This has been Diana's life for 16 years. Almost every time she goes out she is followed. There is no moment she can be certain she is not being photographed. This is why she will not shower at her gym; this is why she rarely goes out at night. Often she has thought herself alone when a cold lens was eyeing her from the undergrowth. To get a picture the paparazzi will do almost anything: trek for miles, spend all night up a tree, stake out Kensington Palace until three in the morning.

If you think about it - which few people do, though we see her image daily - you imagine this process to be an orderly sort of stalking. The photographers appear (as we know from thousands, millions, of pictures) as she climbs from a car or leaves a building, take a picture, and leave. You do not imagine any communication goes on between them and their Princess. But this is not the case. There is a great deal said. Make no mistake. It is not civilised. It is war.

Mark Saunders, 33, is a freelance photographer from Slough. He lives in a house in Windsor bought with cash earned from selling images of Diana; he makes around pounds 75,000 a year. He wears the loafers and V-necked jumpers of a Sloane Ranger but is not one - the upper classes "appal" him, and his manners lack polish. He has a girlfriend who is an actress. He likes to read and would like to expand his mind. He is a little lonely. He is a gentle soul. Except to Diana.

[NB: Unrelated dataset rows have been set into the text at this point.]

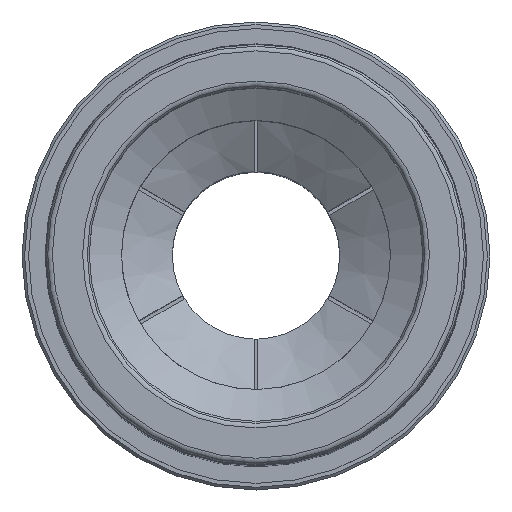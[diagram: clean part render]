
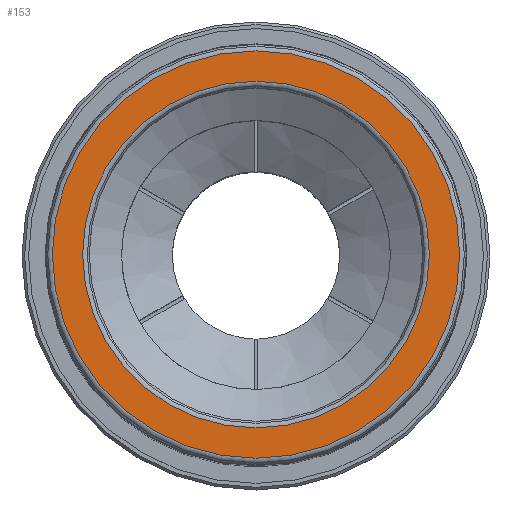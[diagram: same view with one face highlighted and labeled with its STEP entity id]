
A CAD part, top view. The second image highlights one B-rep face of the part: STEP entity #153.
In plain terms, the highlighted planar face has unit normal (0, 0, 1).
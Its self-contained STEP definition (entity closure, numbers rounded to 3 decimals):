
#127=PLANE('',#1127);
#153=ADVANCED_FACE('',(#226,#227),#127,.F.);
#226=FACE_BOUND('',#287,.T.);
#227=FACE_BOUND('',#288,.T.);
#287=EDGE_LOOP('',(#453));
#288=EDGE_LOOP('',(#454));
#387=CIRCLE('',#1125,15.45);
#388=CIRCLE('',#1126,13.15);
#453=ORIENTED_EDGE('',*,*,#841,.T.);
#454=ORIENTED_EDGE('',*,*,#842,.T.);
#734=VERTEX_POINT('',#1576);
#735=VERTEX_POINT('',#1578);
#841=EDGE_CURVE('',#734,#734,#387,.T.);
#842=EDGE_CURVE('',#735,#735,#388,.T.);
#1125=AXIS2_PLACEMENT_3D('',#1575,#1273,#1274);
#1126=AXIS2_PLACEMENT_3D('',#1577,#1275,#1276);
#1127=AXIS2_PLACEMENT_3D('',#1579,#1277,#1278);
#1273=DIRECTION('',(0.,0.,1.));
#1274=DIRECTION('',(-1.,0.,0.));
#1275=DIRECTION('',(0.,0.,-1.));
#1276=DIRECTION('',(1.,0.,0.));
#1277=DIRECTION('',(0.,0.,-1.));
#1278=DIRECTION('',(1.,0.,0.));
#1575=CARTESIAN_POINT('',(0.,0.,60.5));
#1576=CARTESIAN_POINT('',(-15.45,0.,60.5));
#1577=CARTESIAN_POINT('',(0.,0.,60.5));
#1578=CARTESIAN_POINT('',(13.15,0.,60.5));
#1579=CARTESIAN_POINT('',(0.,0.,60.5));

Mark Saunders spends his life following Diana, and likes to start his day at the Family Tree Cafe opposite the Harbour Club gym in Fulham, west London. After a cooked breakfast he will drive round the club to see if Diana is there. If he cannot spot her car, he will drive to a side street opposite Kensin-gton Palace where he can wait in his BMW until Diana comes out in hers.

When I was there that was the routine. Harbour Club, then KP, as the paparazzi call it. At 11.05am he stiffened. The atmosphere electrified. He threw his cappuccino into the road and pulled away sharply. He had spotted what I had not: before us, in a stately procession, sailed a green BMW and gold Range Rover. It was Diana. The princes, and their backup, were with her.

The traffic of Kensington flowed unknowingly around the Royal cars as they took a left into Hyde Park and another left onto Park Lane. Behind them, Saunders kept close. But in five minutes it was over. The lights changed. Ahead of us the silent procession melted into the traffic, and disappeared.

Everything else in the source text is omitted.